(DATA TO PROCESS)

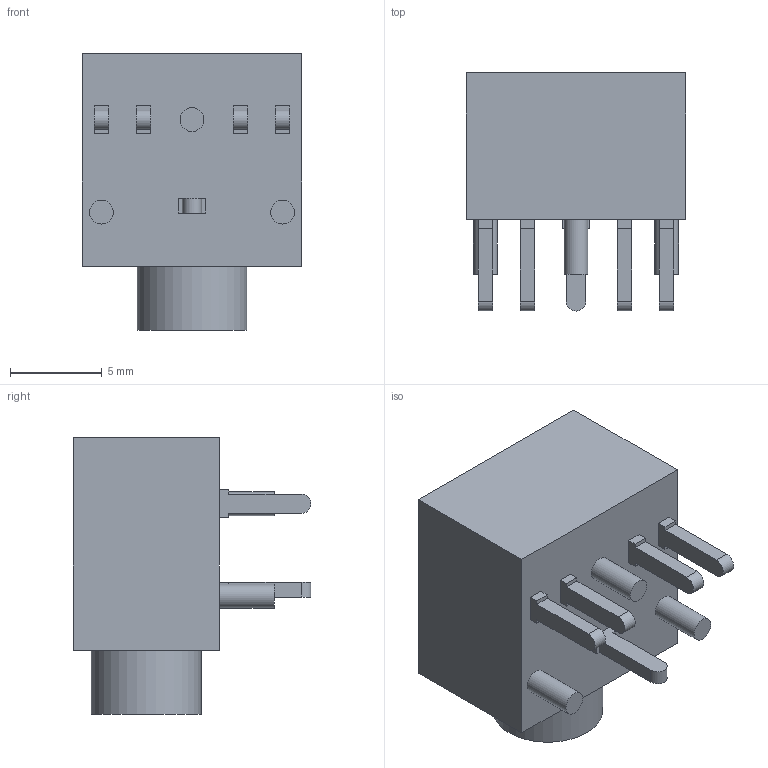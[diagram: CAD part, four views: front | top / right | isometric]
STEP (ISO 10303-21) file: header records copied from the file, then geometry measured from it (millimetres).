
FILE_DESCRIPTION(/* description */ (''),/* implementation_level */ '2;1');
FILE_NAME(/* name */ 'Connectors_XKB Connectivity_PJ-3062-CO.step',/* time_stamp */ '2021-03-23T22:36:46+01:00',/* author */ (''),/* organization */ (''),/* preprocessor_version */ 'ST-DEVELOPER v18.1',/* originating_system */ 'Autodesk Translation Framework v9.10.0.1330',/* authorisation */ '');
FILE_SCHEMA (('AUTOMOTIVE_DESIGN { 1 0 10303 214 3 1 1 }'));
Length unit declared in the file: millimetre
Products named in the file (1): (Nicht gespeichert)
Bounding box: 12 x 13 x 15.1 mm (x, y, z)
Volume: 1128.9 mm3; surface area: 980.6 mm2
Topology: 1 solids, 1 shells, 61 faces, 147 edges, 98 vertices
Faces by surface type: plane 51, cylinder 10
Full cylindrical faces by diameter (mm): 1.3 x3, 3.6 x1, 6 x1
Entity records: 1794 total; most frequent: CARTESIAN_POINT 307, ORIENTED_EDGE 294, DIRECTION 291, EDGE_CURVE 147, LINE 127, VECTOR 127, VERTEX_POINT 98, AXIS2_PLACEMENT_3D 82
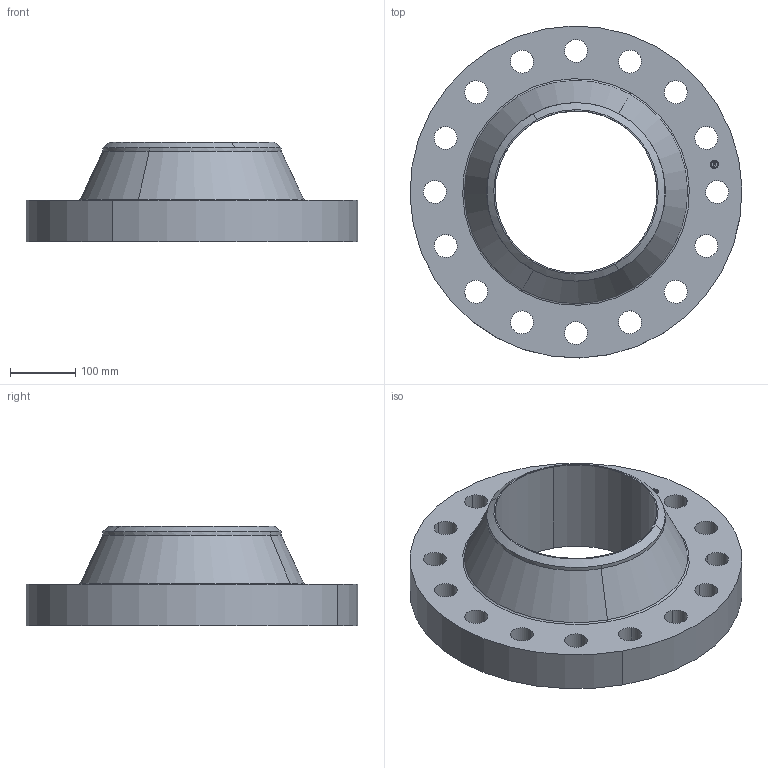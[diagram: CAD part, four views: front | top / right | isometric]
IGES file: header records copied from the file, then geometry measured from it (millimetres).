
Start section: START RECORD GO HERE.
Global section: file name: 10-600-WELD-NECK-FF-60-FLANGE.igs; native system: DASSAULT SYSTEMES CATIA V5 R20 - www.3ds.com; preprocessor: CATIA Version 5 Release 20 SP 6 ; author: Texas Flange; organization: ; date: 20130126.144338; units: inch
Bounding box: 507.86 x 507.86 x 152.4 mm (x, y, z)
Volume: 10932883.4 mm3; surface area: 662973.4 mm2
Topology: 1 solids, 1 shells, 432 faces, 1232 edges, 820 vertices
Faces by surface type: plane 368, revolution 64
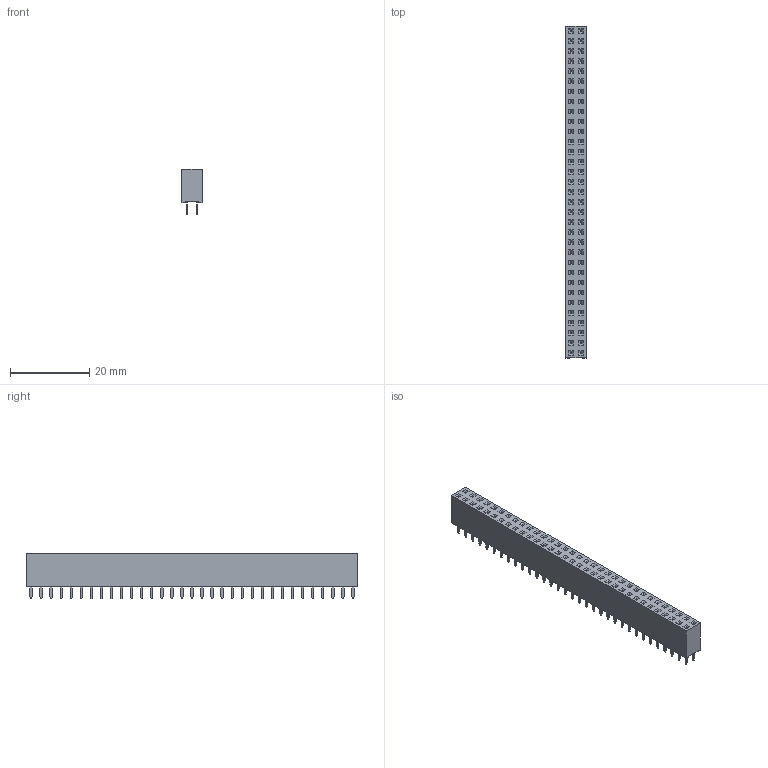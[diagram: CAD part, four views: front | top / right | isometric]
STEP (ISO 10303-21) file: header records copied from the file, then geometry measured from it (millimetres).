
FILE_DESCRIPTION(/* description */ ('model of PinSocket_2x33_P2.54mm_Vertical'),/* implementation_level */ '2;1');
FILE_NAME(/* name */ 'PinSocket_2x33_P2.54mm_Vertical.step',/* author */ ('KiCAD','kicad'),/* organization */ ('OCCT'),/* preprocessor_version */ '',/* originating_system */ 'KiCAD',/* authorisation */ '');
FILE_SCHEMA(('AUTOMOTIVE_DESIGN { 1 0 10303 214 1 1 1 1 }'));
Length unit declared in the file: millimetre
Products named in the file (1): PinSocket_2x33_P2.54mm_Vertical
Bounding box: 5.08 x 83.82 x 11.6 mm (x, y, z)
Volume: 3408.2 mm3; surface area: 4012.9 mm2
Topology: 1 solids, 1 shells, 2056 faces, 5304 edges, 3448 vertices
Faces by surface type: plane 2056
Entity records: 81769 total; most frequent: CARTESIAN_POINT 10809, ORIENTED_EDGE 10608, DIRECTION 9418, EDGE_CURVE 5304, LINE 5304, VECTOR 5304, VERTEX_POINT 3448, PRESENTATION_STYLE_ASSIGNMENT 2320

(End DATA TO PROCESS)

TASK REQUIREMENTS
Set down the records again verbatim, with no pictures.

YOUR SOLUTION
[diagram: CAD part, four views: front | top / right | isometric]
STEP (ISO 10303-21) file: header records copied from the file, then geometry measured from it (millimetres).
FILE_DESCRIPTION(/* description */ (''),/* implementation_level */ '2;1');
FILE_NAME(/* name */ 'Connectors_XKB Connectivity_PJ-3062-CO.step',/* time_stamp */ '2021-03-23T22:36:46+01:00',/* author */ (''),/* organization */ (''),/* preprocessor_version */ 'ST-DEVELOPER v18.1',/* originating_system */ 'Autodesk Translation Framework v9.10.0.1330',/* authorisation */ '');
FILE_SCHEMA (('AUTOMOTIVE_DESIGN { 1 0 10303 214 3 1 1 }'));
Length unit declared in the file: millimetre
Products named in the file (1): (Nicht gespeichert)
Bounding box: 12 x 13 x 15.1 mm (x, y, z)
Volume: 1128.9 mm3; surface area: 980.6 mm2
Topology: 1 solids, 1 shells, 61 faces, 147 edges, 98 vertices
Faces by surface type: plane 51, cylinder 10
Full cylindrical faces by diameter (mm): 1.3 x3, 3.6 x1, 6 x1
Entity records: 1794 total; most frequent: CARTESIAN_POINT 307, ORIENTED_EDGE 294, DIRECTION 291, EDGE_CURVE 147, LINE 127, VECTOR 127, VERTEX_POINT 98, AXIS2_PLACEMENT_3D 82
[diagram: CAD part, four views: front | top / right | isometric]
IGES file: header records copied from the file, then geometry measured from it (millimetres).
Start section: START RECORD GO HERE.
Global section: file name: 10-600-WELD-NECK-FF-60-FLANGE.igs; native system: DASSAULT SYSTEMES CATIA V5 R20 - www.3ds.com; preprocessor: CATIA Version 5 Release 20 SP 6 ; author: Texas Flange; organization: ; date: 20130126.144338; units: inch
Bounding box: 507.86 x 507.86 x 152.4 mm (x, y, z)
Volume: 10932883.4 mm3; surface area: 662973.4 mm2
Topology: 1 solids, 1 shells, 432 faces, 1232 edges, 820 vertices
Faces by surface type: plane 368, revolution 64
[diagram: CAD part, four views: front | top / right | isometric]
STEP (ISO 10303-21) file: header records copied from the file, then geometry measured from it (millimetres).
FILE_DESCRIPTION(/* description */ ('model of PinSocket_2x33_P2.54mm_Vertical'),/* implementation_level */ '2;1');
FILE_NAME(/* name */ 'PinSocket_2x33_P2.54mm_Vertical.step',/* author */ ('KiCAD','kicad'),/* organization */ ('OCCT'),/* preprocessor_version */ '',/* originating_system */ 'KiCAD',/* authorisation */ '');
FILE_SCHEMA(('AUTOMOTIVE_DESIGN { 1 0 10303 214 1 1 1 1 }'));
Length unit declared in the file: millimetre
Products named in the file (1): PinSocket_2x33_P2.54mm_Vertical
Bounding box: 5.08 x 83.82 x 11.6 mm (x, y, z)
Volume: 3408.2 mm3; surface area: 4012.9 mm2
Topology: 1 solids, 1 shells, 2056 faces, 5304 edges, 3448 vertices
Faces by surface type: plane 2056
Entity records: 81769 total; most frequent: CARTESIAN_POINT 10809, ORIENTED_EDGE 10608, DIRECTION 9418, EDGE_CURVE 5304, LINE 5304, VECTOR 5304, VERTEX_POINT 3448, PRESENTATION_STYLE_ASSIGNMENT 2320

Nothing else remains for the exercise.